- Country: USA
- Genre: Science fiction

Publication
- Published in: Astounding Science Fiction
- Media type: Print
- Publication date: November 1958

= Unhuman Sacrifice =

"Unhuman Sacrifice" is a short story by the American writer Katherine MacLean. It was first published in Astounding Science Fiction in November 1958, and has appeared in several anthologies.

In the story, a space ship brings a missionary and skeptical crew members to an alien planet; they get to understand unexpected features of the inhabitants' lives.

==Story summary==
The space ship of a missionary society has landed on a planet, and the Reverend Winton is preaching to the natives, by means of a translator machine. Henderson, who is the navigator and chief engineer, and Charlie, the junior engineer, are scornful. Henderson thinks it is dangerous to interfere with the inhabitants, and that the machine does not yet know their language. The natives regard the box (the translator), which says a few disjointed words in their language, with curiosity.

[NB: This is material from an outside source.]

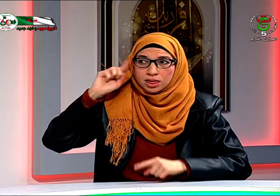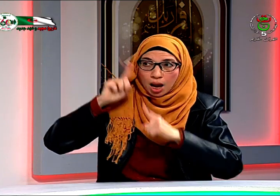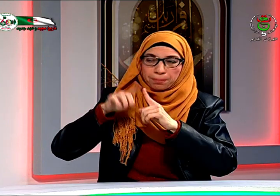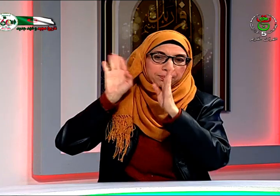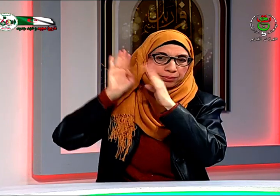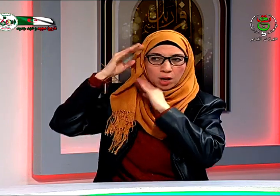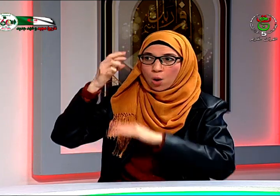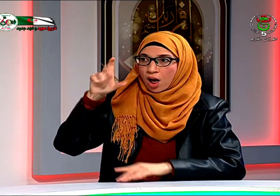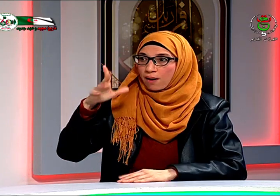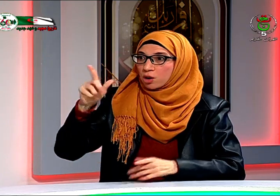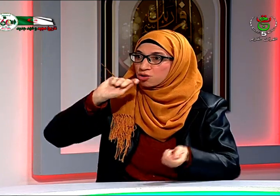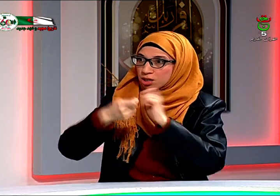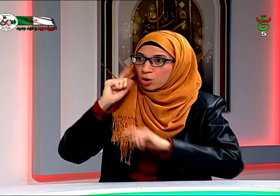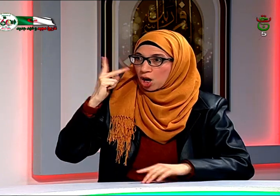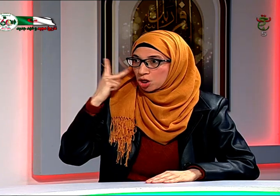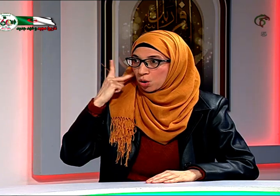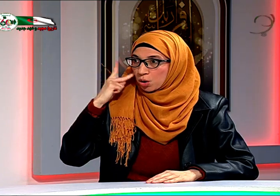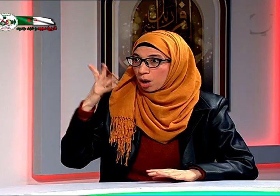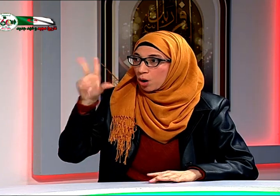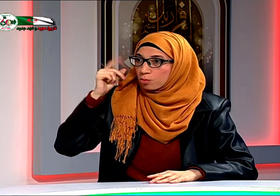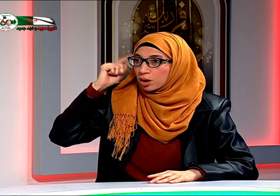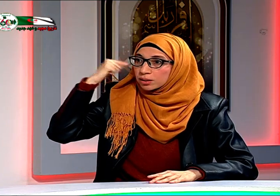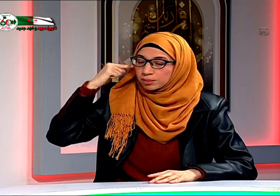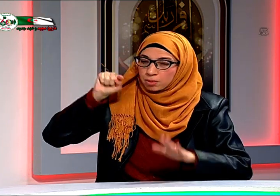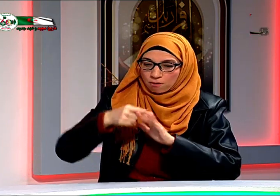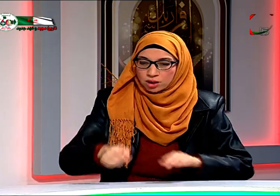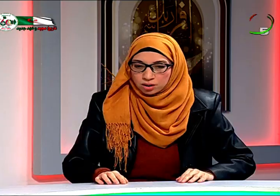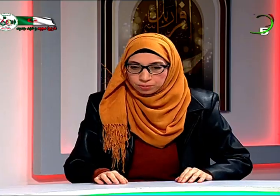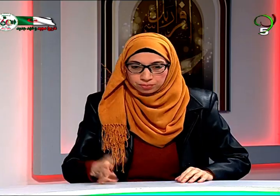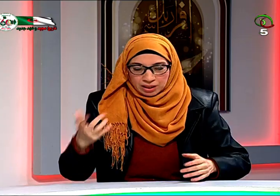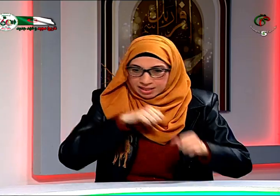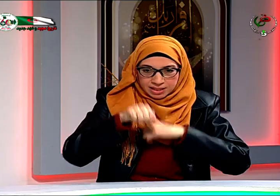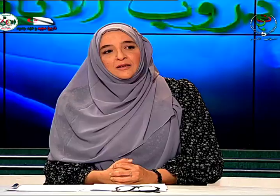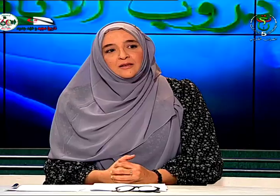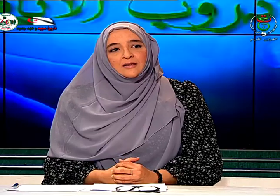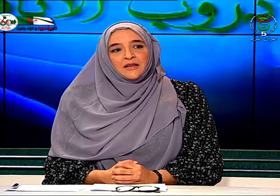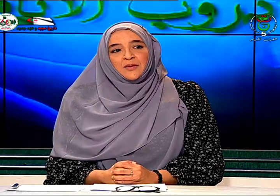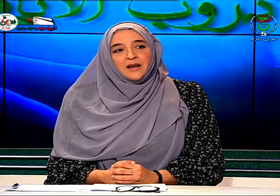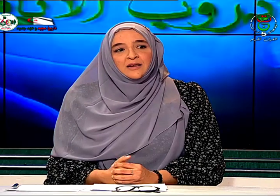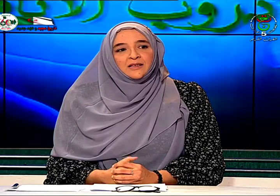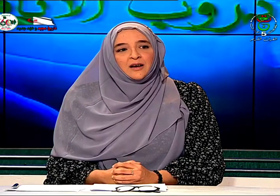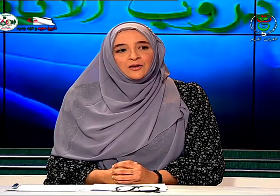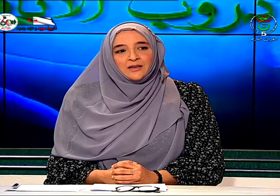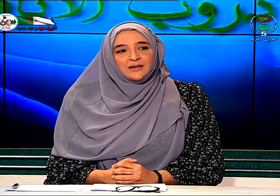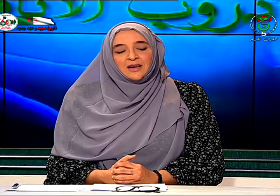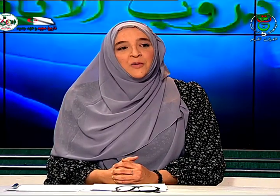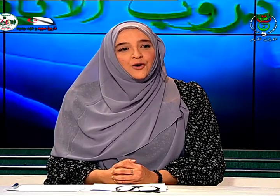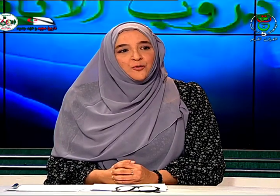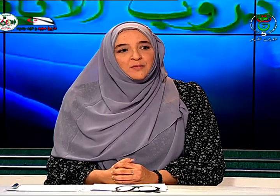كيف يتعامل معي وكان يظن ضنا يعني كبير أني سأسمع يوما ما

To improve the translator's understanding of the language, Henderson and Charlie interview the natives, such as Spet, who talks politely to his interviewer, thinking he is the ghost of a relative. Spet later tells Winton, using the improved power of the translator, that when the rains come, young people like himself, in order to become adults, must hang upside down; some die, and the rest become long and thin. (Parts of the story are seen from Spet's point of view; he regards the coming ordeal with calm acceptance.) Winton, appalled, tells Henderson that they should stop the practice, but Henderson, assuming that Winton is always wrong, disagrees. Henderson is shocked when Spet describes the procedure to him.

The rains come and Spet has been hung upside down from a tree by the elders. He is cut down by Henderson and Charlie, and is taken to the ship, which is in a riverbed that until now was dry. Near the ramp of the ship. as the water rises, Spet "felt his feet sending roots down into the mud.... As the water rushed into his lungs, the rooted sea-creature that was the forgotten adult stage of Spet's species began its thoughtless pseudo-plant existence...."

==Reception==
In New Maps of Hell: A Survey of Science Fiction (1960), Kingsley Amis commented: "I take this, not too fancifully I hope, as a justifiably horrifying little allegory of what you can do to people when you interfere with them for their own good.... [A] satire on organised religion, such as the story patently is, has its own place."

It was included in the anthology A Century of Science Fiction (1962), editied by Damon Knight; in his introduction to the story, Knight wrote that it is "a subtle interweaving of anthropology, social comment, depth psychology, irony, deadpan humor....What the whole story means is not expressible in a formula or a plot outline: it hits you below the level on which simple declarative sentences are put together".